■ **The task**
The full set of records must be returned exactly, character for character.

[Collected data]
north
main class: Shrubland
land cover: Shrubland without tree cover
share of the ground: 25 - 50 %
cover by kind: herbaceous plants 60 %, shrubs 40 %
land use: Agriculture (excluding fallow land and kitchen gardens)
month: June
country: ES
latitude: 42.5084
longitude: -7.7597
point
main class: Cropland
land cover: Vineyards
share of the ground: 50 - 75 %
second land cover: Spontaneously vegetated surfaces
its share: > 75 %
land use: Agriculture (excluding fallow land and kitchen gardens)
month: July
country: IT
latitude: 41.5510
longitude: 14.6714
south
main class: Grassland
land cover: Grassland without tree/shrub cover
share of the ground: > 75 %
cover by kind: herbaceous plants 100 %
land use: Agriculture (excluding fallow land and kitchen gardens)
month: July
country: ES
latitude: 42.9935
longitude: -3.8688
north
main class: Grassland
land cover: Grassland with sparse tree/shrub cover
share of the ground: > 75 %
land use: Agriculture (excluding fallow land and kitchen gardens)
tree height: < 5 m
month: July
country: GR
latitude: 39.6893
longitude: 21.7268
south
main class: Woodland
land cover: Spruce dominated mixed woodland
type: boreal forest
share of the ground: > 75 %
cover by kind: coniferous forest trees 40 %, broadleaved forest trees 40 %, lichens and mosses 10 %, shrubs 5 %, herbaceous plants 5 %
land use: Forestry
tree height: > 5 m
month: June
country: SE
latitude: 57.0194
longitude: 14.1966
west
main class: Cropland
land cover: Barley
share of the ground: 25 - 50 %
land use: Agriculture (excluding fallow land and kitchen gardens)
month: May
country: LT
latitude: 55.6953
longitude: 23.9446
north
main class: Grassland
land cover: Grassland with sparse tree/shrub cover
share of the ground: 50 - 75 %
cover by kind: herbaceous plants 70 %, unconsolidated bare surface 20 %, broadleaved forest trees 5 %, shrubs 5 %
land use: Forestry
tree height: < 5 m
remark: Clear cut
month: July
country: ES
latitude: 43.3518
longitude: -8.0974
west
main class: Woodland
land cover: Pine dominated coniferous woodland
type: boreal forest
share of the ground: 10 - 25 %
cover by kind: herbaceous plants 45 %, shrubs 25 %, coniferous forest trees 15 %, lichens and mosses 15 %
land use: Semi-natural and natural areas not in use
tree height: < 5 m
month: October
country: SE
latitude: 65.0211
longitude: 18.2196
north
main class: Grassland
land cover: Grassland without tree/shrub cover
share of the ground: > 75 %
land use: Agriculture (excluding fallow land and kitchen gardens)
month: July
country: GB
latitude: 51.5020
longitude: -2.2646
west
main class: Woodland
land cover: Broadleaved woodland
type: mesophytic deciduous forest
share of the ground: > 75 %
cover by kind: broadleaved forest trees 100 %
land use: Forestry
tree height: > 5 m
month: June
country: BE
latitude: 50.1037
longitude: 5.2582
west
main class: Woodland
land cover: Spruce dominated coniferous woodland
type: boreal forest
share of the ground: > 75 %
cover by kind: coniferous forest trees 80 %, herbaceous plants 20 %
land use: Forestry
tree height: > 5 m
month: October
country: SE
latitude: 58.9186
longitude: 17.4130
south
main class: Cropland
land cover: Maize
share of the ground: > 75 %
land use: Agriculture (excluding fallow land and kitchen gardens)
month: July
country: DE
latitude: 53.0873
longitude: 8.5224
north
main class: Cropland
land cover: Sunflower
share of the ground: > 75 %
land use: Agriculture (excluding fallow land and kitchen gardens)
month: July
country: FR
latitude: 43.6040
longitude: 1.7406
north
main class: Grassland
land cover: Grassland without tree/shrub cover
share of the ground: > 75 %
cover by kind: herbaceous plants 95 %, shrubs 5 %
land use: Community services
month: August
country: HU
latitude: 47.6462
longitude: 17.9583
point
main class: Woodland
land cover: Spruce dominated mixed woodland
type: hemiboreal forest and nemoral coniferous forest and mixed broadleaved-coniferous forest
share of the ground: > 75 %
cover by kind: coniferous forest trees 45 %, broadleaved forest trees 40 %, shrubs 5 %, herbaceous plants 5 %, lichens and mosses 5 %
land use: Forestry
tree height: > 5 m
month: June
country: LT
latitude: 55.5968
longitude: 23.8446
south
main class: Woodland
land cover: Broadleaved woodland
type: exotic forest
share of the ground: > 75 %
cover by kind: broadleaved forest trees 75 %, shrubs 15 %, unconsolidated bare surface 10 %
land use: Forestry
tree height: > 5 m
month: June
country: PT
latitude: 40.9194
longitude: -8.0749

■ **Problem solution**
north
main class: Shrubland
land cover: Shrubland without tree cover
share of the ground: 25 - 50 %
cover by kind: herbaceous plants 60 %, shrubs 40 %
land use: Agriculture (excluding fallow land and kitchen gardens)
month: June
country: ES
latitude: 42.5084
longitude: -7.7597
point
main class: Cropland
land cover: Vineyards
share of the ground: 50 - 75 %
second land cover: Spontaneously vegetated surfaces
its share: > 75 %
land use: Agriculture (excluding fallow land and kitchen gardens)
month: July
country: IT
latitude: 41.5510
longitude: 14.6714
south
main class: Grassland
land cover: Grassland without tree/shrub cover
share of the ground: > 75 %
cover by kind: herbaceous plants 100 %
land use: Agriculture (excluding fallow land and kitchen gardens)
month: July
country: ES
latitude: 42.9935
longitude: -3.8688
north
main class: Grassland
land cover: Grassland with sparse tree/shrub cover
share of the ground: > 75 %
land use: Agriculture (excluding fallow land and kitchen gardens)
tree height: < 5 m
month: July
country: GR
latitude: 39.6893
longitude: 21.7268
south
main class: Woodland
land cover: Spruce dominated mixed woodland
type: boreal forest
share of the ground: > 75 %
cover by kind: coniferous forest trees 40 %, broadleaved forest trees 40 %, lichens and mosses 10 %, shrubs 5 %, herbaceous plants 5 %
land use: Forestry
tree height: > 5 m
month: June
country: SE
latitude: 57.0194
longitude: 14.1966
west
main class: Cropland
land cover: Barley
share of the ground: 25 - 50 %
land use: Agriculture (excluding fallow land and kitchen gardens)
month: May
country: LT
latitude: 55.6953
longitude: 23.9446
north
main class: Grassland
land cover: Grassland with sparse tree/shrub cover
share of the ground: 50 - 75 %
cover by kind: herbaceous plants 70 %, unconsolidated bare surface 20 %, broadleaved forest trees 5 %, shrubs 5 %
land use: Forestry
tree height: < 5 m
remark: Clear cut
month: July
country: ES
latitude: 43.3518
longitude: -8.0974
west
main class: Woodland
land cover: Pine dominated coniferous woodland
type: boreal forest
share of the ground: 10 - 25 %
cover by kind: herbaceous plants 45 %, shrubs 25 %, coniferous forest trees 15 %, lichens and mosses 15 %
land use: Semi-natural and natural areas not in use
tree height: < 5 m
month: October
country: SE
latitude: 65.0211
longitude: 18.2196
north
main class: Grassland
land cover: Grassland without tree/shrub cover
share of the ground: > 75 %
land use: Agriculture (excluding fallow land and kitchen gardens)
month: July
country: GB
latitude: 51.5020
longitude: -2.2646
west
main class: Woodland
land cover: Broadleaved woodland
type: mesophytic deciduous forest
share of the ground: > 75 %
cover by kind: broadleaved forest trees 100 %
land use: Forestry
tree height: > 5 m
month: June
country: BE
latitude: 50.1037
longitude: 5.2582
west
main class: Woodland
land cover: Spruce dominated coniferous woodland
type: boreal forest
share of the ground: > 75 %
cover by kind: coniferous forest trees 80 %, herbaceous plants 20 %
land use: Forestry
tree height: > 5 m
month: October
country: SE
latitude: 58.9186
longitude: 17.4130
south
main class: Cropland
land cover: Maize
share of the ground: > 75 %
land use: Agriculture (excluding fallow land and kitchen gardens)
month: July
country: DE
latitude: 53.0873
longitude: 8.5224
north
main class: Cropland
land cover: Sunflower
share of the ground: > 75 %
land use: Agriculture (excluding fallow land and kitchen gardens)
month: July
country: FR
latitude: 43.6040
longitude: 1.7406
north
main class: Grassland
land cover: Grassland without tree/shrub cover
share of the ground: > 75 %
cover by kind: herbaceous plants 95 %, shrubs 5 %
land use: Community services
month: August
country: HU
latitude: 47.6462
longitude: 17.9583
point
main class: Woodland
land cover: Spruce dominated mixed woodland
type: hemiboreal forest and nemoral coniferous forest and mixed broadleaved-coniferous forest
share of the ground: > 75 %
cover by kind: coniferous forest trees 45 %, broadleaved forest trees 40 %, shrubs 5 %, herbaceous plants 5 %, lichens and mosses 5 %
land use: Forestry
tree height: > 5 m
month: June
country: LT
latitude: 55.5968
longitude: 23.8446
south
main class: Woodland
land cover: Broadleaved woodland
type: exotic forest
share of the ground: > 75 %
cover by kind: broadleaved forest trees 75 %, shrubs 15 %, unconsolidated bare surface 10 %
land use: Forestry
tree height: > 5 m
month: June
country: PT
latitude: 40.9194
longitude: -8.0749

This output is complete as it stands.